The Government of India’s (GOI) proposal to replace the existing Coastal Regulation Zone (CRZ) with the Coastal Management Zone (CMZ) has met with stiff resistence from the public.  (This post, dated May 20, 2008, outlines the objections to the CMZ from the perspective of the fishing communities.)

NDTV’s report – “New Coastal Policy Threatens Beaches” indicates that the GOI will soon be coming out with a revised notification soon based on public pressure.

The text of Sam Daniel’s report is given below.

New coastal policy threatens beaches
Sam Daniel, Maya Sharma
Saturday, June 13, 2009, (Chennai, Bangalore)

The livelihood of the fishermen and an entire stretch of coastline in Tamil Nadu is under threat. The tough Coastal Regulation Zone that protects beaches and sea side areas will soon be replaced by a diluted version called the Coastal Management Zone or the CMZ.
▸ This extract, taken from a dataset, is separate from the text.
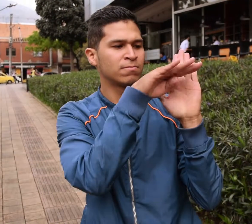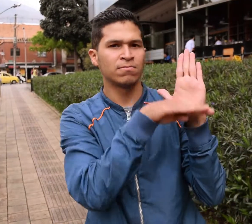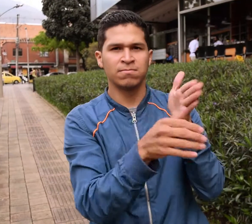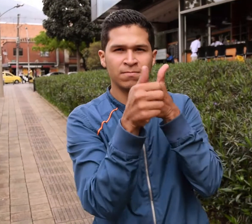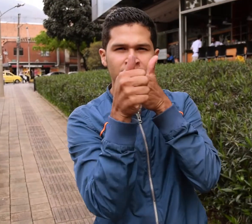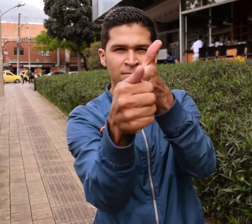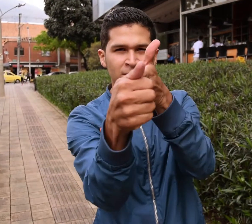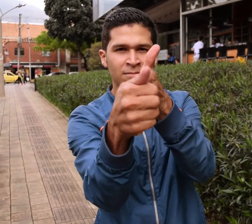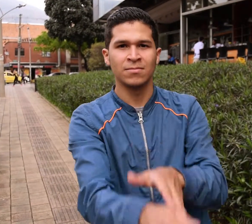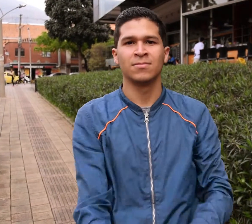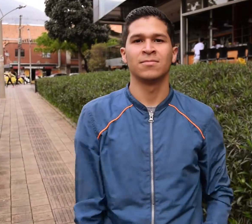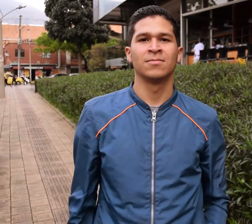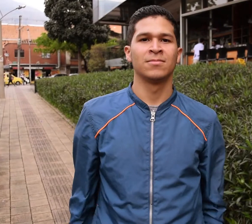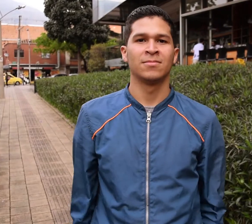Herramientas políticas para la acción.
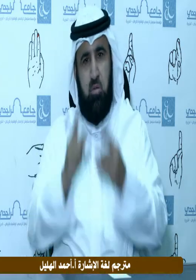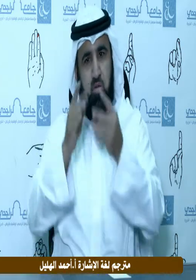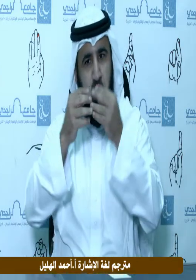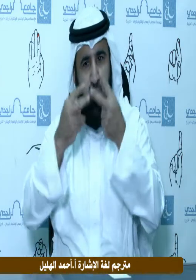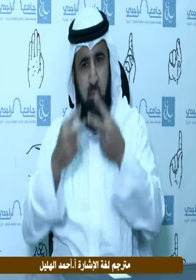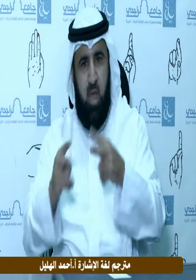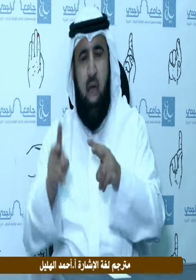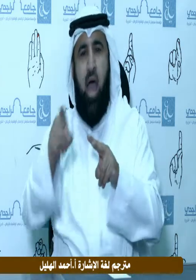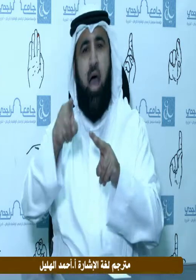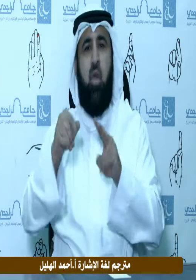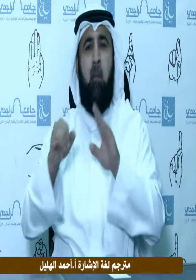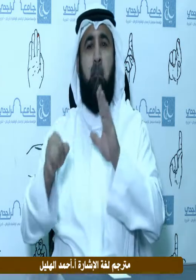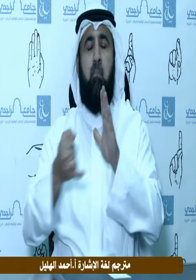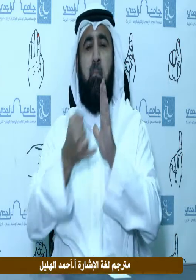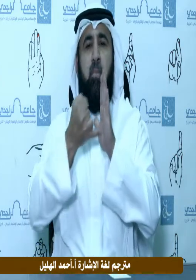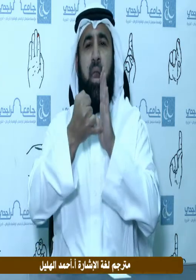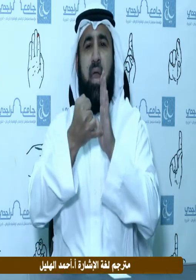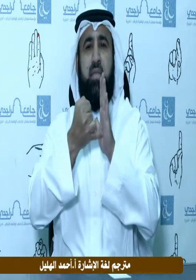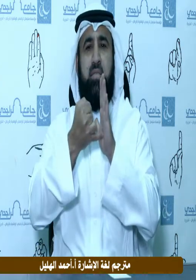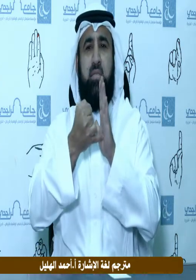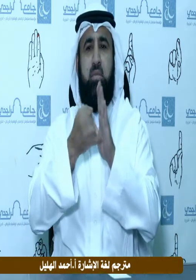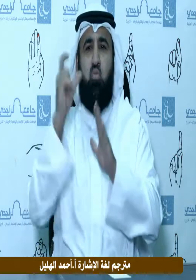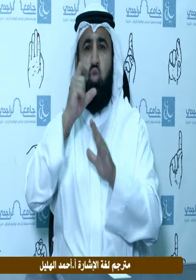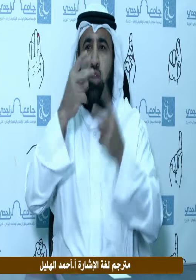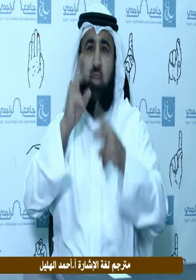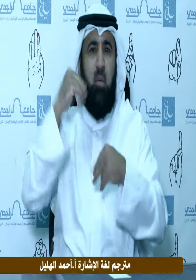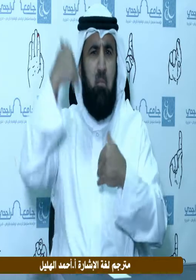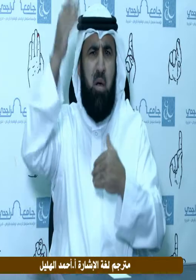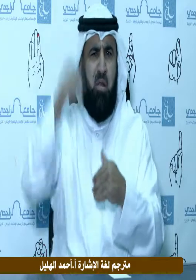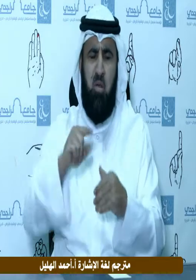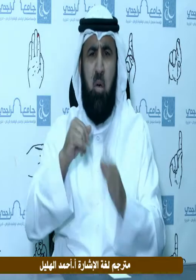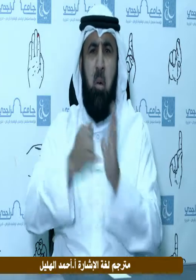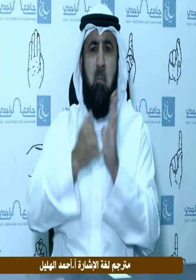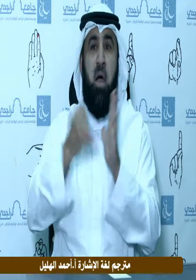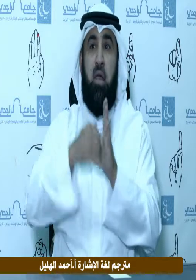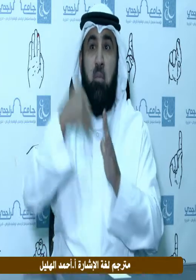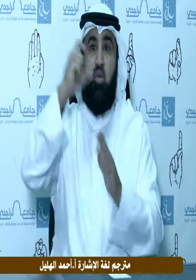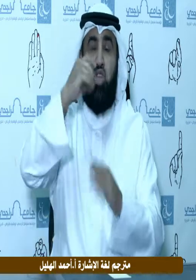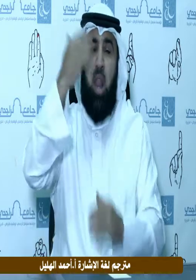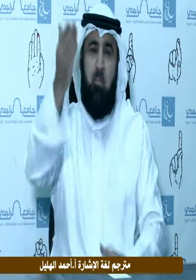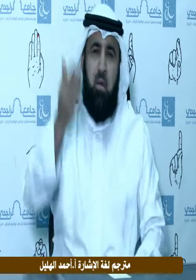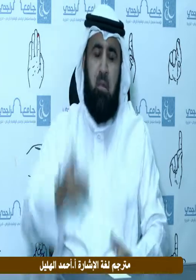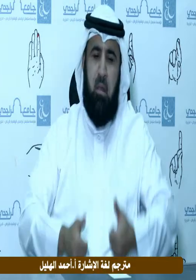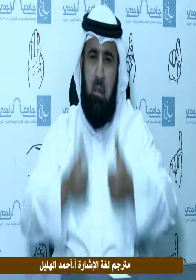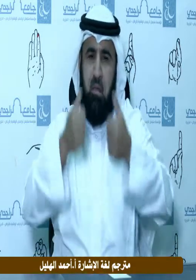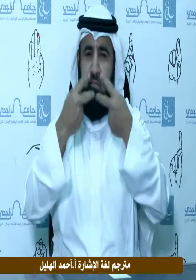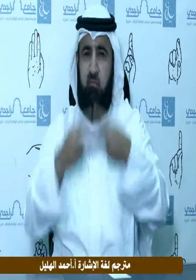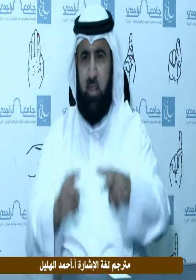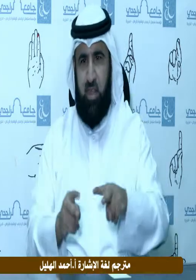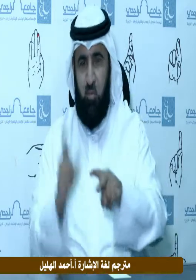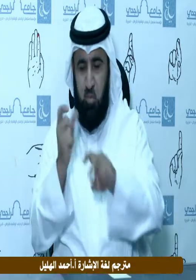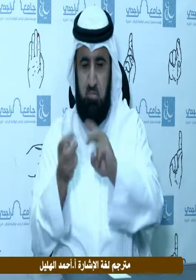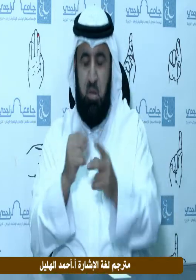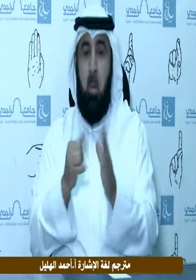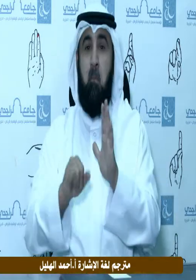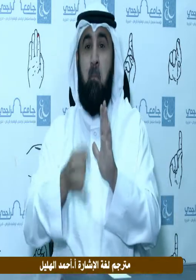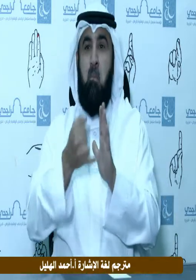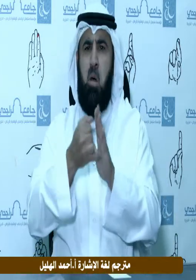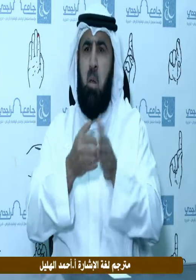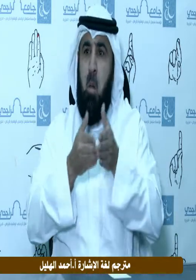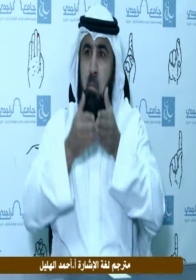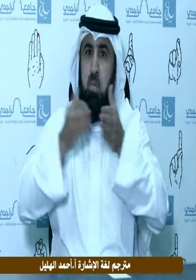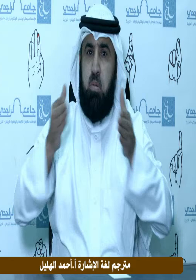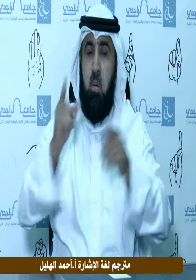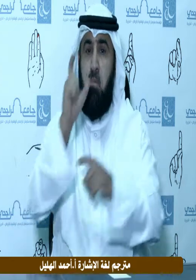مركزا إسلاميا زاراه بعد سنتين من زواجهما وإذا بهما يرى المسجد قد

To begin with, this will lift the existing ban on construction within 500 metres from the high tide line. Instead there will be area specific guidelines which are not clear yet. Fishing communities are apprehensive of displacement, to make way for tourism or industrial development.

“Already every year the sea is coming into the land and actually we may need more area in future like say around 1000 foot. If this law comes we will be badly affected,” says a fisherman.

Even ecologically sensitive areas like mangrove forests could be cut down. This will be a disastrous move, given that when the tsunami struck in 2004 these mangroves actually saved hundreds of lives.

Environmentalists say this is a clear move to allow industrial activity in the garb of coastal management. They say this new law could actually legalise many corporate violations on our beaches.

Says environmentalist Sudarshan Rodriguez: “It allows recreation and tourism facilities to come in front of the set back line towards the sea. But when it comes to fishing settlements and other houses, these should come behind the setback line.”

A parliamentary standing committee too has recommended the CMZ to be kept in abeyance. Under pressure, the government says it will soon come out with a modified notification.

Says Minister of Environment and Forest Jairam Ramesh: “We’ve set up a small team that will consult with all states and come up with a hybrid model having the best of both, something that will satisfy both sides.”

Since the tsunami they are fishing in troubled waters. But it is not just fishermen, saving our beaches is something each one of us need to be stakeholders in.